Teaching The Hats We Wear

A teacher’s job goes well beyond the curriculum. It actually doesn’t even start with the curriculum. It starts with something a lot simpler. But simple things are often the hardest things to teach. Math is easy in comparison to the lessons that I want my students to leave my classroom with at the end of June.

I want my students to be able to function in society. I want them to be able to develop academically and personally. I want to help them develop aesthetically. And I want them to realize their full potential.

One of the ways to do this is to educate them about the hats that we wear. For instance, we all speak and behave differently depending on where we are and what situation we are in. A lot of students don’t think this is the case.

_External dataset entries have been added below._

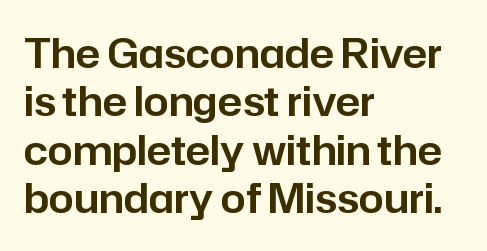
Q: Is the text italic (slanted)? A: No, it is upright.
Q: Is the typeface a serif or a sans-serif typeface? A: Sans-serif.
Q: Is the text underlined? A: No.
Q: How is the paragraph aligned? A: Left-aligned.
Q: Is the spacing between letters normal or unusually wide? A: Normal.
Q: Width (condensed, normal, or wide)? A: Normal.
Q: Stroke contrast? A: Low.
Q: x-height? A: Medium.
Q: Monospaced? A: No.
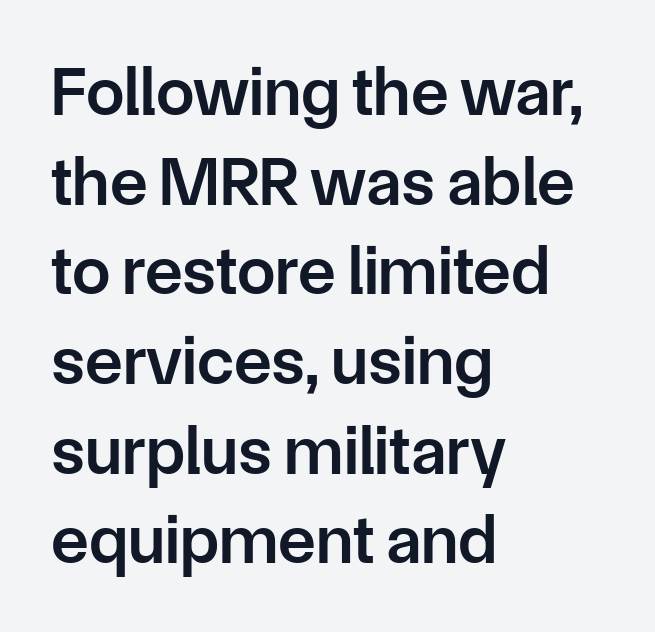
Q: Is the text bold? A: Semi-bold.
Q: Is the text italic (slanted)? A: No, it is upright.
Q: Is the typeface a serif or a sans-serif typeface? A: Sans-serif.
Q: Is the text underlined? A: No.
Q: How is the paragraph aligned? A: Left-aligned.
Q: Is the spacing between letters normal or unusually wide? A: Normal.
Q: Is the spacing between lines tight, normal or loose? A: Normal.
Q: Width (condensed, normal, or wide)? A: Normal.
Q: Stroke contrast? A: Low.
Q: x-height? A: Medium.
Q: Monospaced? A: No.
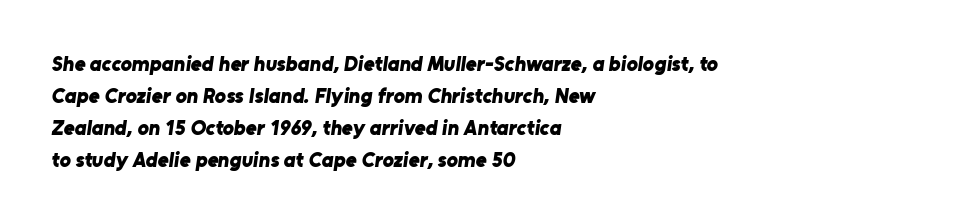
Every row of glyphs begins at an identical x-position on the left. Tracking here is standard; glyphs follow each other at the usual distance. Only glyphs here, with clear space below each row. Summary of vertical rhythm: regular, with standard interline spacing.
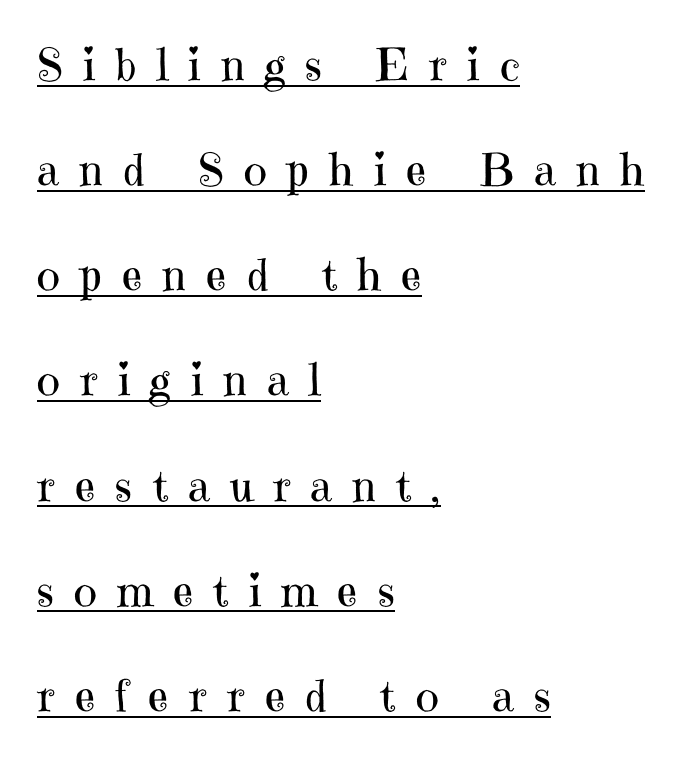
Q: Is the text bold? A: No.
Q: Is the text italic (slanted)? A: No, it is upright.
Q: Is the typeface a serif or a sans-serif typeface? A: Serif.
Q: Is the text underlined? A: Yes.
Q: How is the paragraph aligned? A: Left-aligned.
Q: Is the spacing between letters normal or unusually wide? A: Unusually wide.
Q: Is the spacing between lines tight, normal or loose? A: Loose.
Q: Width (condensed, normal, or wide)? A: Normal.
Q: Stroke contrast? A: High.
Q: x-height? A: Medium.
Q: Monospaced? A: No.
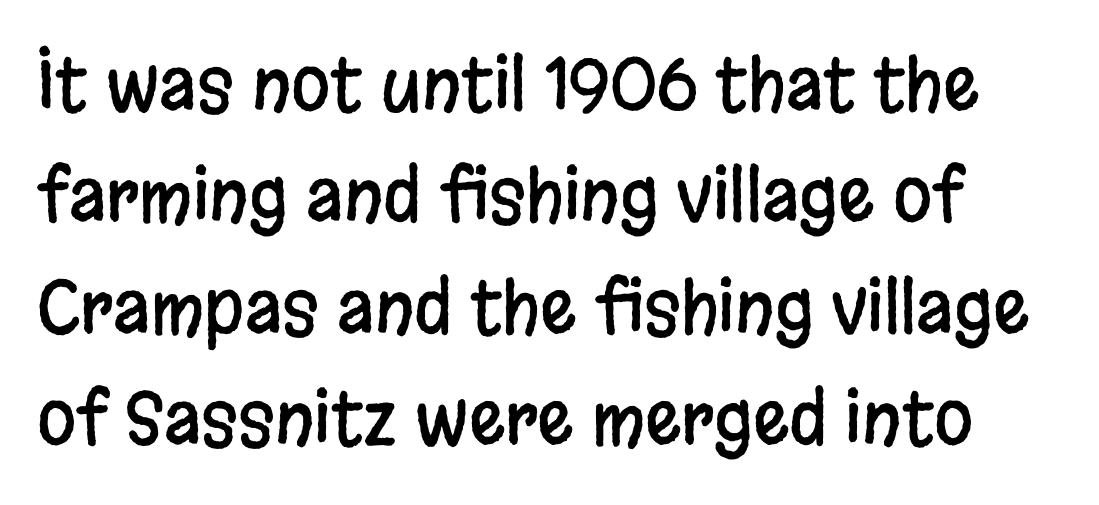
Q: Is the text italic (slanted)? A: No, it is upright.
Q: Is the typeface a serif or a sans-serif typeface? A: Sans-serif.
Q: Is the text underlined? A: No.
Q: Is the spacing between letters normal or unusually wide? A: Normal.
Q: Is the spacing between lines tight, normal or loose? A: Normal.
Q: Width (condensed, normal, or wide)? A: Condensed.
Q: Stroke contrast? A: Low.
Q: x-height? A: Large.
Q: Monospaced? A: No.
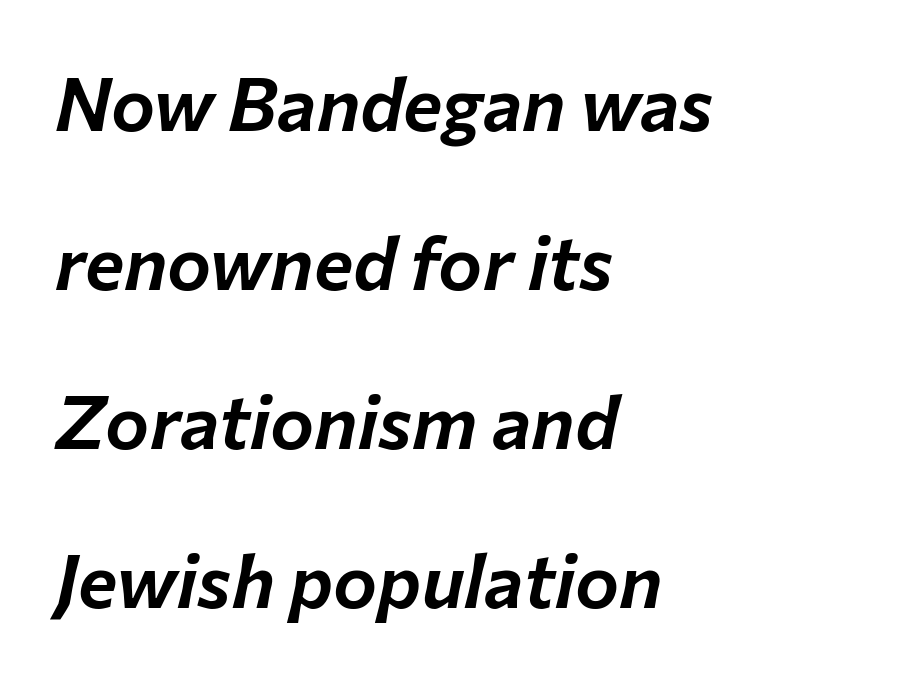
Q: Is the text italic (slanted)? A: Yes, it leans right by about 12 degrees.
Q: Is the text underlined? A: No.
Q: How is the paragraph aligned? A: Left-aligned.
Q: Is the spacing between letters normal or unusually wide? A: Normal.
Q: Is the spacing between lines tight, normal or loose? A: Loose.
Q: Width (condensed, normal, or wide)? A: Normal.
Q: Stroke contrast? A: Low.
Q: x-height? A: Medium.
Q: Monospaced? A: No.
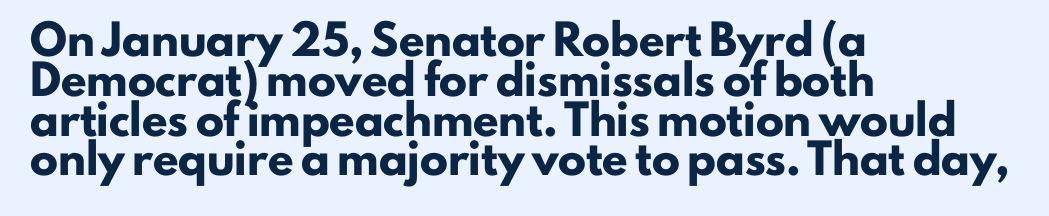
{"serif": "no", "italic": "no", "bold": "yes", "weight": "heavy", "width": "normal", "stroke_contrast": "low", "x_height": "small", "monospaced": "no", "underline": "no", "align": "left", "line_spacing": "normal", "line_spacing_ratio": 1.42, "letter_spacing": "normal", "letter_spacing_em": 0.0, "glyph_px": 28}
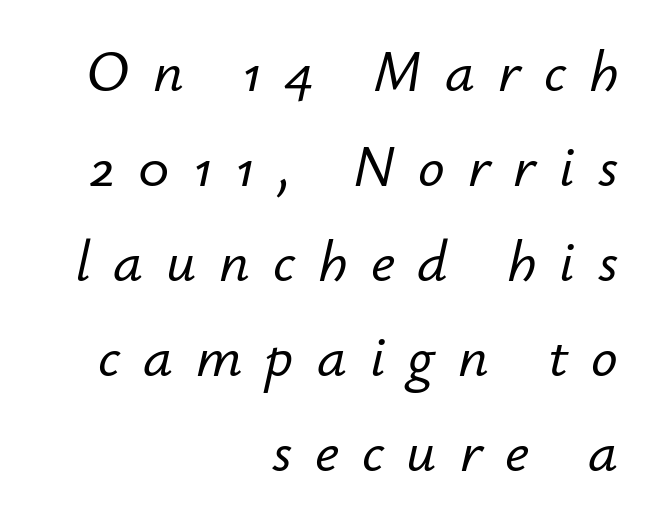
{"italic": "yes", "lean": "right", "slant_degrees": 12, "width": "normal", "stroke_contrast": "low", "x_height": "small", "monospaced": "no", "underline": "no", "align": "right", "line_spacing": "normal", "line_spacing_ratio": 1.61, "letter_spacing": "wide", "letter_spacing_em": 0.39, "glyph_px": 59}
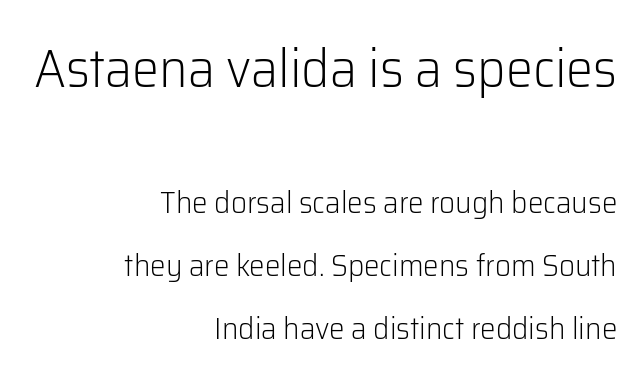
Q: Is the text bold? A: No.
Q: Is the text italic (slanted)? A: No, it is upright.
Q: Is the typeface a serif or a sans-serif typeface? A: Sans-serif.
Q: Is the text underlined? A: No.
Q: How is the paragraph aligned? A: Right-aligned.
Q: Is the spacing between letters normal or unusually wide? A: Normal.
Q: Is the spacing between lines tight, normal or loose? A: Loose.
Q: Which block of text is set in a larger size, the first (top) or the second (bottom)? A: The first (top) one.
Q: Width (condensed, normal, or wide)? A: Normal.
Q: Stroke contrast? A: Low.
Q: x-height? A: Medium.
Q: Monospaced? A: No.
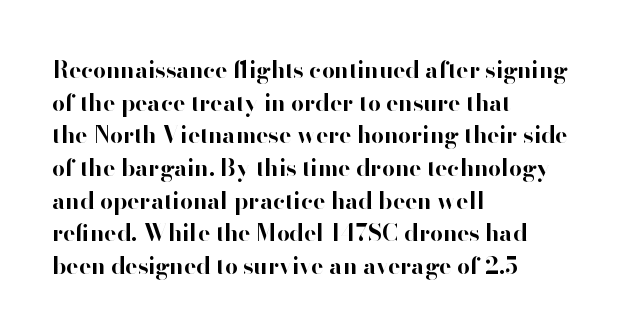
The image shows 23 px bold type, upright; set left-aligned, normal line spacing (1.42x), normal letter spacing, not underlined.
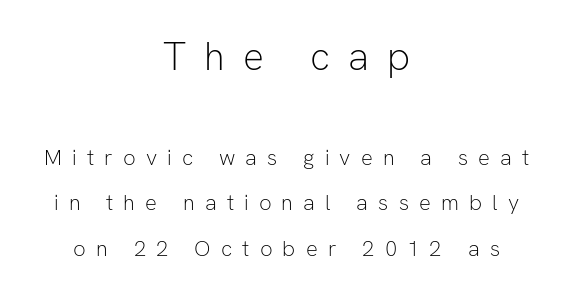
Q: Is the text bold? A: No.
Q: Is the text italic (slanted)? A: No, it is upright.
Q: Is the typeface a serif or a sans-serif typeface? A: Sans-serif.
Q: Is the text underlined? A: No.
Q: How is the paragraph aligned? A: Centered.
Q: Is the spacing between letters normal or unusually wide? A: Unusually wide.
Q: Is the spacing between lines tight, normal or loose? A: Loose.
Q: Which block of text is set in a larger size, the first (top) or the second (bottom)? A: The first (top) one.
Q: Width (condensed, normal, or wide)? A: Normal.
Q: Stroke contrast? A: Low.
Q: x-height? A: Medium.
Q: Monospaced? A: No.
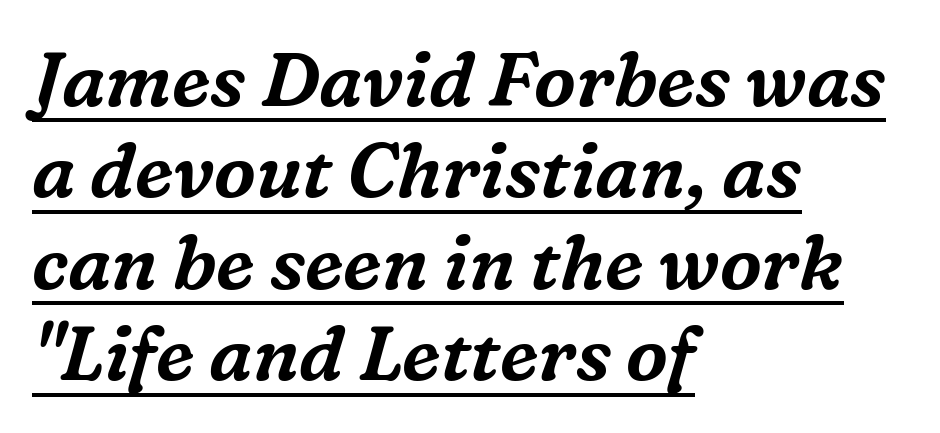
{"serif": "yes", "italic": "yes", "lean": "right", "slant_degrees": 16, "width": "normal", "stroke_contrast": "medium", "x_height": "medium", "monospaced": "no", "underline": "yes", "align": "left", "line_spacing_ratio": 1.22, "letter_spacing": "normal", "letter_spacing_em": 0.0, "glyph_px": 75}
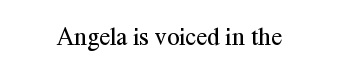
The image shows 25 px text type, upright; set normal letter spacing, not underlined.
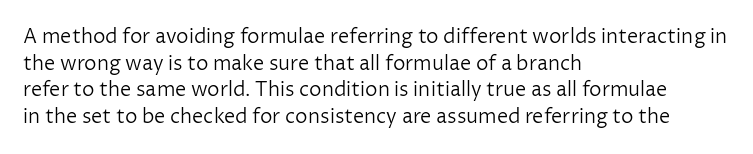
{"italic": "no", "bold": "no", "underline": "no", "align": "left", "line_spacing": "normal", "line_spacing_ratio": 1.33, "letter_spacing": "normal", "letter_spacing_em": 0.0, "glyph_px": 20}

I have a lot of different hats but my students only seem to see me as a teacher who knows everything. By Grade 4 they need to realize that I don’t. I admit to making mistakes, and believe me, I certainly have made them in the classroom.

Role-playing is a great way to show students about the hats we wear. We can role-play how we would act for the queen, the prime minister, the reverend, our best friend, a police officer, the mayor, etc.

I think kids are actually looking for very specific guides and they often don’t get them elsewhere. I try to teach how to problem solve, how to resolve conflicts, and how to get along with people. These things may take away from my time teaching math, science, and social studies but they are equally important. They don’t need to be marked but they do need to be taught.